Theoretically, anything happening in that tiny gap would be invisible and undetectable, because it would not exist in our perception of time.
The device could be used for ultra-secure communications - or, in one sci-fi scenario, could even be combined with an optical invisibility device, cloaking the user from both space and time, researchers say.
The effect is achieved using a split time-lens that breaks light up into slower and faster 'components' - thereby creating a tiny temporal gap.
Unlike other cloaking devices that work by bending light around objects, this works by compressing the light passing through a fibre optical cable with a special lens that causes some to speed up and some to slow down.
This makes the waves divide and another lens a little further up the cable then causes the light to be put back together.
The result is light emerging from the end of the cable that appears to be unaltered which means for the space between the lenses things have or could have gone on - with no record of it occurring.
Professor Moti Fridman, of Cornell University in New York, and colleagues said a 'time hole' in the probe beam hides the occurrence of an event from the observer.
They said: ‘This approach is based on accelerating the front part of a probe light beam and slowing down its rear part to create a well controlled temporal gap - inside which an event occurs - such that the probe beam is not modified in any way by the event.
‘The probe beam is then restored to its original form by the reverse manipulation of the dispersion.  ‘In summary we have presented the first experimental demonstration of temporal cloaking that successfully hides an event from a probe beam in the time domain.
‘Our results represent a significant step towards obtaining a complete spatio-temporal cloaking device.’ Physicists have already found ways to make invisibility cloaks by distorting electromagnetic fields and steering light around a volume of space so that, essentially, anything inside this space is invisible.
Prof Fridman's researchers were able to take that idea a step further and cloak time.
They built a device that has two lenses called an electro-optic modulator.

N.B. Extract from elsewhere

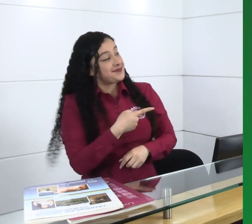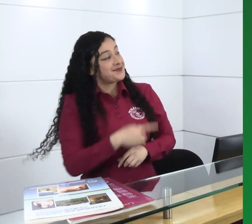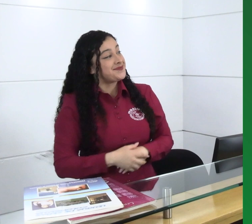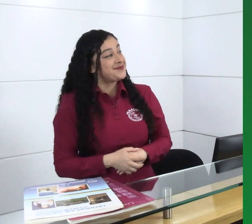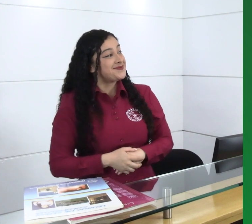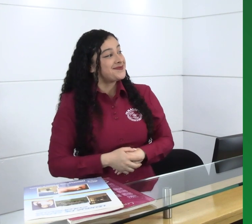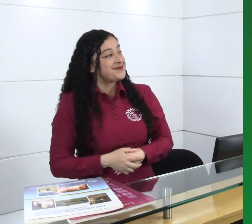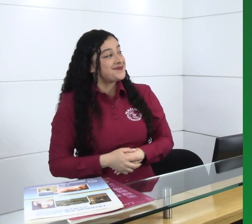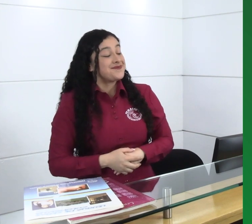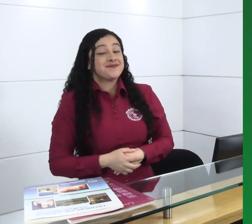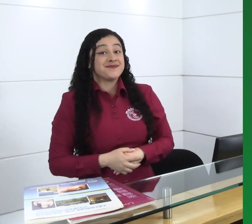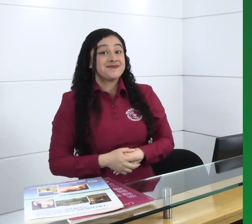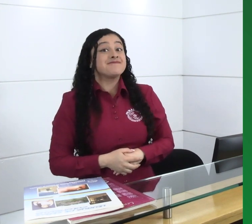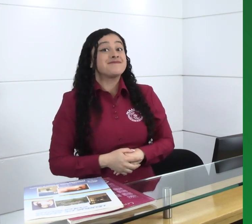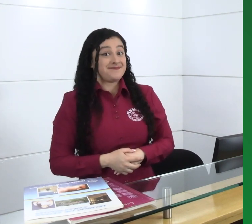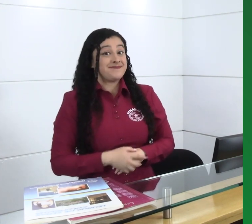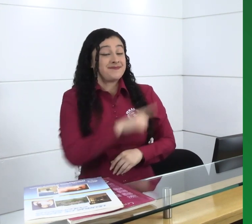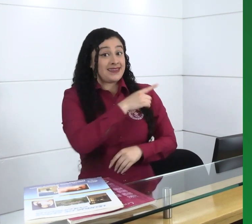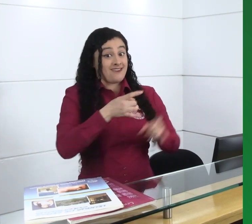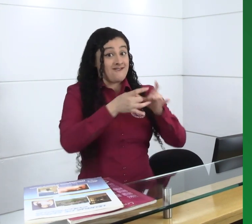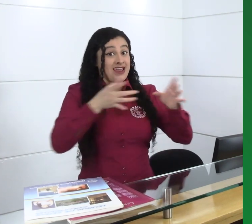el 26 y 27 de diciembre.
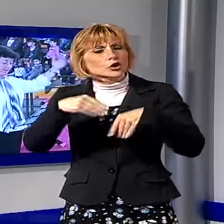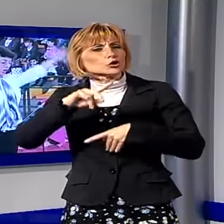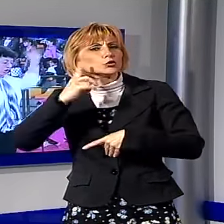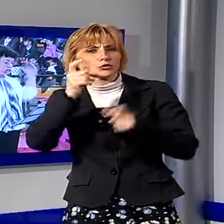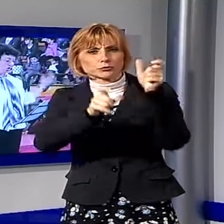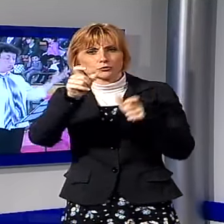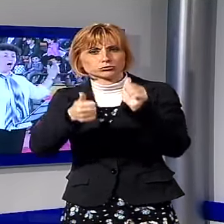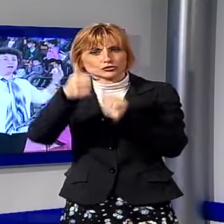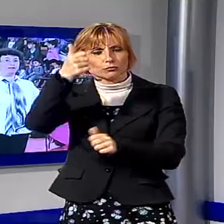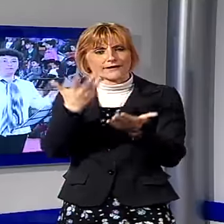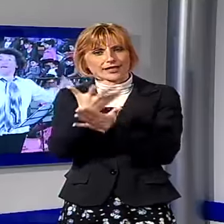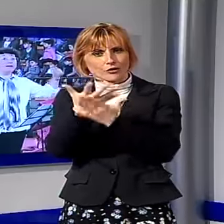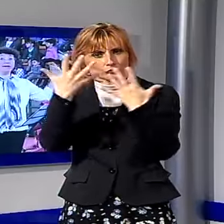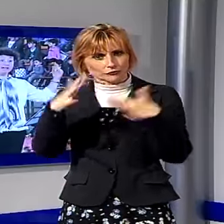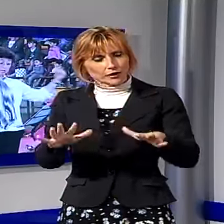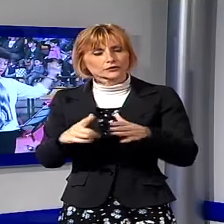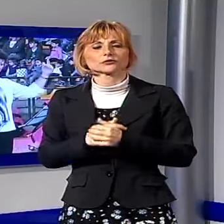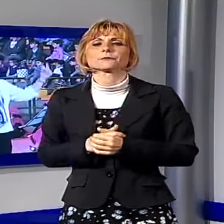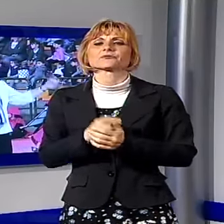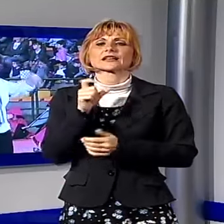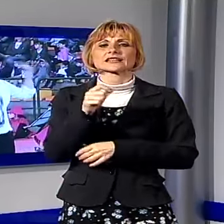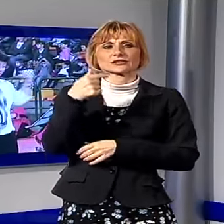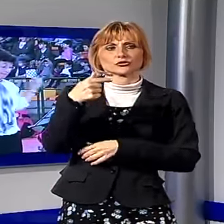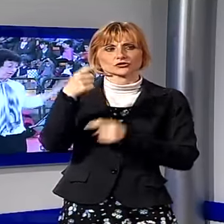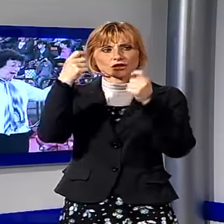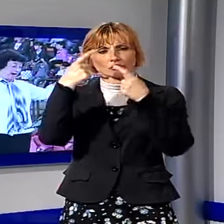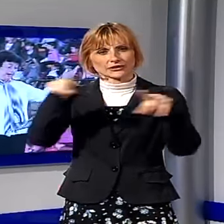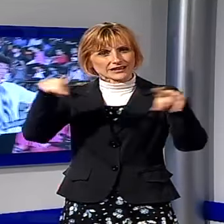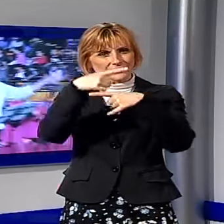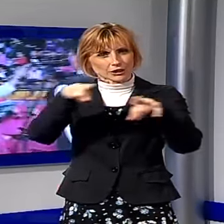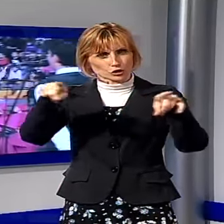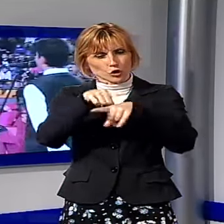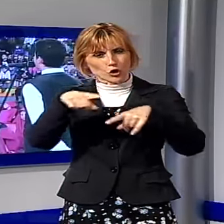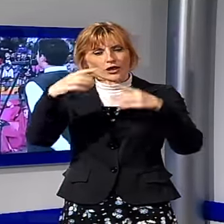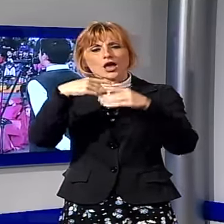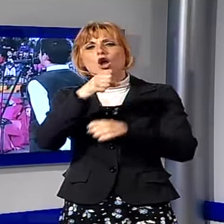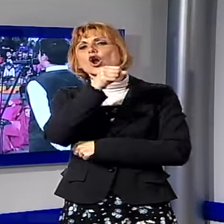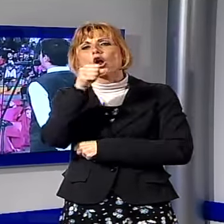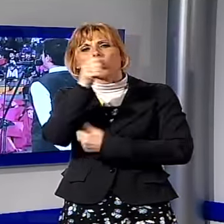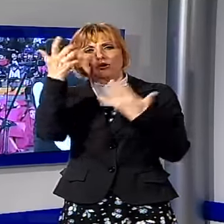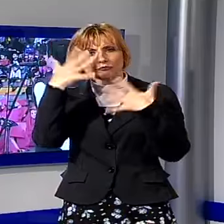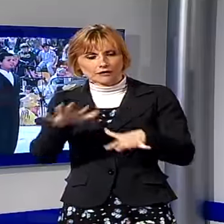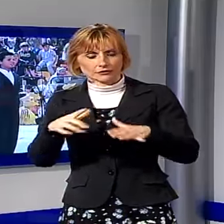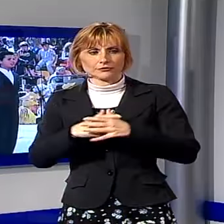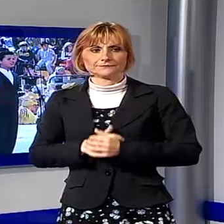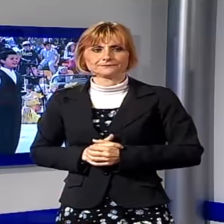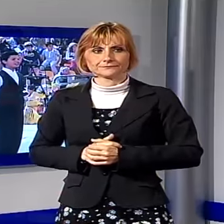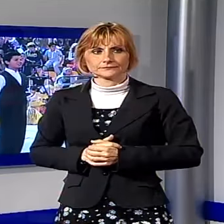del racconto. Cristina Torselli ha ovviamente diretto il coro arcobaleno, vero motore di tutta la manifestazione.

Next, they sent a beam of light through the lenses. The first lens compressed the light, while the second lens decompressed it, leaving a short gap or hole, in time where any event went unrecorded.
To the naked eye, light coming out of the second time-lens appeared uninterrupted, as if no distortion had occurred.
In essence, between the two lenses exists a space-time void that cloaks any changes occurring in the short amount of time it takes the light to pass through both lenses.
If coded messages could be hidden in a series of these cloaks it would be very difficult to intercept them - making for very secure communications.
On the other hand if such a hidden time lag could be made to pulse on and off it could be used to intercept data passing through without there being a record of it.
And if the technology could be expanded in theory you could step between two lenses and do anything you wish and it would never be recorded in time - for the rest of the world it would never have happened.
But the researchers whose breakthrough is reported in Nature don't expect the technique could ever produce a gap that lasts any longer than 0.00012 of a second - not nearly enough time to do anything worth hiding.